§ **Problem to solve**: Begin with the line where "about 12 degrees." appears. Set down that line and the rest of the records below it exactly as given.

::: Information provided :::

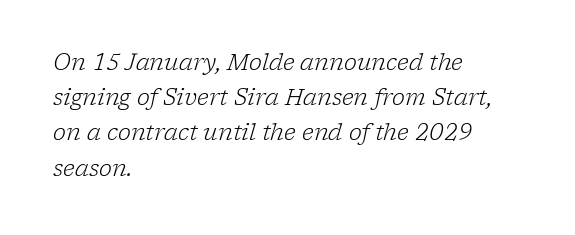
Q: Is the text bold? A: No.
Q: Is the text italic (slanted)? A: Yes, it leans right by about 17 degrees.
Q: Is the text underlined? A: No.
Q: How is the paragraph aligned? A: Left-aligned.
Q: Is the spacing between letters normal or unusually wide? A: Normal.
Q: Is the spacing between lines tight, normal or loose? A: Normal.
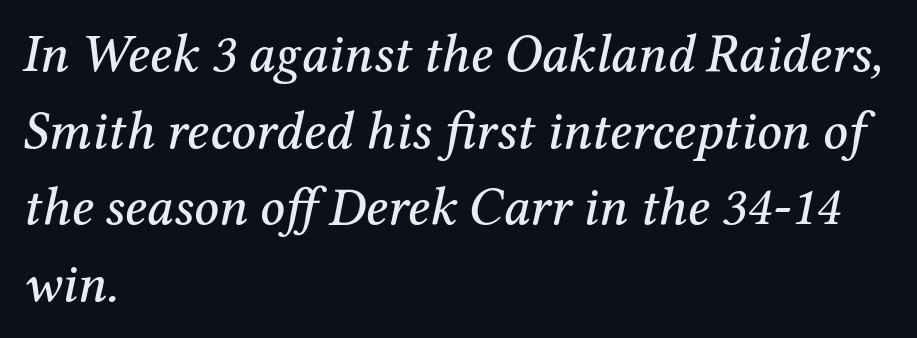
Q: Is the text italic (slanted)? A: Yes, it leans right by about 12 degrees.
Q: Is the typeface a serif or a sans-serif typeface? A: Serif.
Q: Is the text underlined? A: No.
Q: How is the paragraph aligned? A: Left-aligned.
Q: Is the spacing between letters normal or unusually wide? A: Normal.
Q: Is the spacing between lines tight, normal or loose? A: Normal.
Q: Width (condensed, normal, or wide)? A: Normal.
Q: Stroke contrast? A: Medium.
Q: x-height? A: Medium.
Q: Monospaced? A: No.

:::

§ **Answer**:
Q: Is the text italic (slanted)? A: Yes, it leans right by about 12 degrees.
Q: Is the typeface a serif or a sans-serif typeface? A: Serif.
Q: Is the text underlined? A: No.
Q: How is the paragraph aligned? A: Left-aligned.
Q: Is the spacing between letters normal or unusually wide? A: Normal.
Q: Is the spacing between lines tight, normal or loose? A: Normal.
Q: Width (condensed, normal, or wide)? A: Normal.
Q: Stroke contrast? A: Medium.
Q: x-height? A: Medium.
Q: Monospaced? A: No.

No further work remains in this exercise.